The types of variables themselves often require adjustment in creating an MRS from a feature structure (AVM), or vice versa. In the ERG, for example, the grammar-internal type names are event and ref-ind, while the canonical MRS variable types are e and x. Traditionally, such correspondences in the LKB were established by means of the built-in function determine-variable-type(), which in turn builds on a family of globals (named, not co-incidentally, similar to the ERG-internal choices, e.g. *event-type* and *ref-ind-type* for the above example). This original mapping of variable types in the LKB was uni-directional, i.e. it is applied when constructing an MRS from a feature structure, but not in the inverse direction (that means, in principle, that information cast as variable types is not utilized in generation until the very end, i.e. the post-generation semantic compatibility check).
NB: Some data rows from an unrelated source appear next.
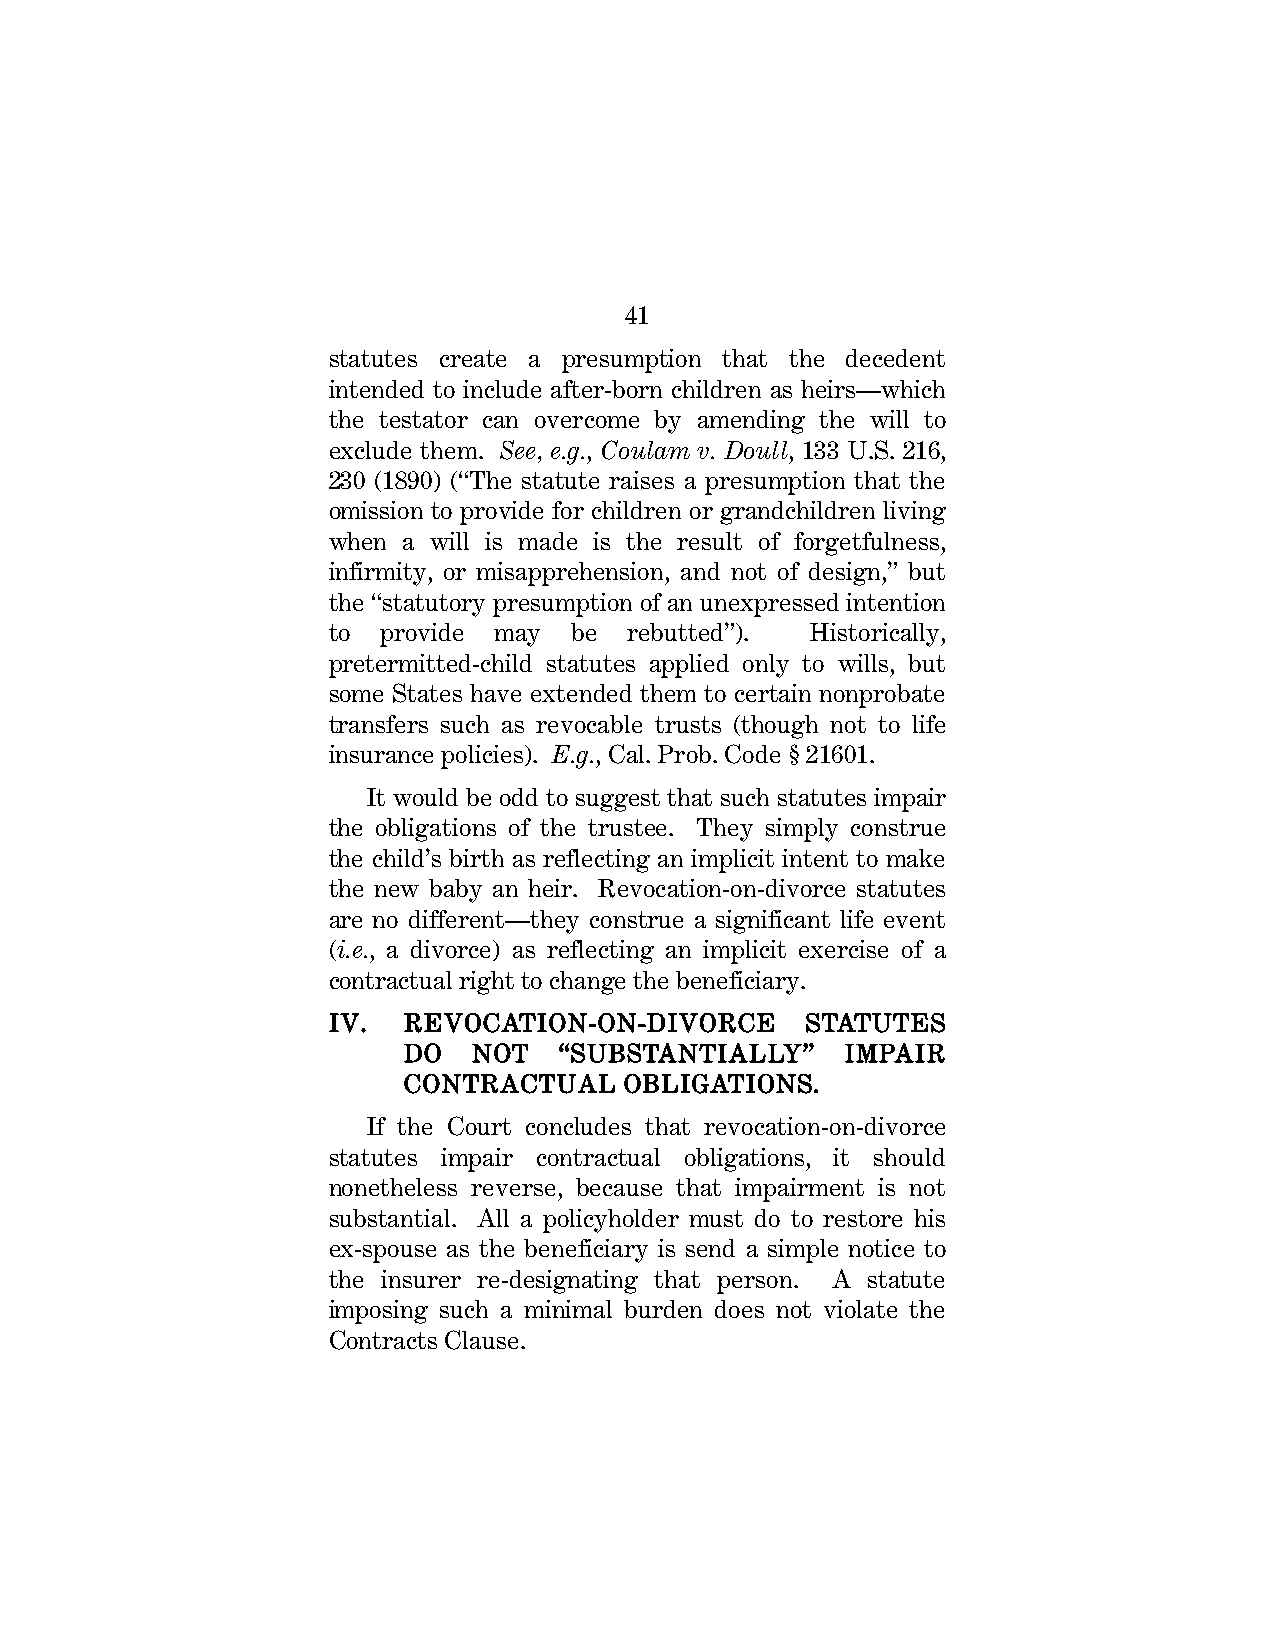
41
 statutes create a presumption that the decedent
 intended to include after-born children as heirs—which
 the testator can overcome by amending the will to
 exclude them. See, e.g., Coulam v. Doull, 133 U.S. 216,
 230 (1890) (“The statute raises a presumption that the
 omission to provide for children or grandchildren living
 when a will is made is the result of forgetfulness,
 infirmity, or misapprehension, and not of design,” but
 the “statutory presumption of an unexpressed intention
 to provide may  be  rebutted”). Historically,
 pretermitted-child statutes applied only to wills, but
 some States have extended them to certain nonprobate
 transfers such as revocable trusts (though not to life
 insurance policies). E.g., Cal. Prob. Code § 21601.
 It would be odd to suggest that such statutes impair
 the obligations of the trustee. They simply construe
 the child’s birth as reflecting an implicit intent to make
 the new baby an heir. Revocation-on-divorce statutes
 are no different—they construe a significant life event
 (i.e., a divorce) as reflecting an implicit exercise of a
 contractual right to change the beneficiary.
 IV.  REVOCATION-ON-DIVORCE     STATUTES
 DO  NOT   “SUBSTANTIALLY”    IMPAIR
 CONTRACTUAL   OBLIGATIONS.
 If the Court concludes that revocation-on-divorce
 statutes impair contractual obligations, it should
 nonetheless reverse, because that impairment is not
 substantial. All a policyholder must do to restore his
 ex-spouse as the beneficiary is send a simple notice to
 the insurer re-designating that person. A statute
 imposing such a minimal burden does not violate the
 Contracts Clause.

As of early 2009, variable type correspondences can be encoded as part of the VPM too. The ERG, for example, now includes in its semi.vpm:

  event      <> e
  ref-ind    <> x
  individual <> i
  handle     <> h
  non_event  <> p
  *          >> u
  semarg     << u

This section has to precede all variable property mappings (see below) in the file. To make VPM-based variable type mapping replace determine-variable-type(), it is necessary to further set a new MRS global (typically in the file mrsglobals.lsp):

  (setf *variable-type-mapping* :semi)

With the variable type correspondences as part of the VPM, the grammar no longer needs to provide MRS globals *event-type* et al. Note, however, that (just like in the original LKB machinery) VPM-based variable type mapping is at present only applied in forward direction (see comments in vpm.lsp, generate.lsp, and transfer.lsp for the remaining issues that require LKB backwards compatibility in this respect).
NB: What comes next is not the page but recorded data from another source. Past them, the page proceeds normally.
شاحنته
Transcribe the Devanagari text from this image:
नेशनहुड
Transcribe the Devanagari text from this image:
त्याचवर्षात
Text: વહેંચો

Properties: A Simple Example

Consider a grammar which records information about person and number in a single sortal hierarchy, with values like 1sg, 2per, et al. The grammar makes use of a feature PN as the home for the combined person and number values, and for grammar-internal reasons, PN is embedded below a feature PNG inside of the feature structures that correspond to semantic variables in the MRS (keep in mind that MRSs are not feature structures, yet for each grammar there is a known bijection between the AVM and the MRS universes). Following is a mapping to convert the grammar-internal, conflated encoding of person and number into an external representation that is compatible with the MRS best practice in LOGON and the RMRS DTD.

  PNG.PN : PERS NUM
    1sg  <> 1 sg
    1pl  <> 1 pl
    1per <> 1 !
    1per << 1 *
    2sg  <> 2 sg
    2pl  <> 2 pl
    2per <> 2 !
    2per << 2 *
    3sg  <> 3 sg
    3pl  <> 3 pl
    3per <> 3 !
    3per << 3 *
    *    >> ! !
    !    << * *

The above example defines a set of rules that map one (or more) properties into one or more properties. When reading an MRS off the AVM produced by the grammar, for each correspondence of (groups of) properties, values are compared to sub-rules in order, until the first match: at that point, output values are inserted into the result set of properties. Processing of subsequent rules continues against the original properties, so that there could be multiple matches: the PNG.PN to PERS and NUM decomposition, thus, could also be done in two separate rule sets.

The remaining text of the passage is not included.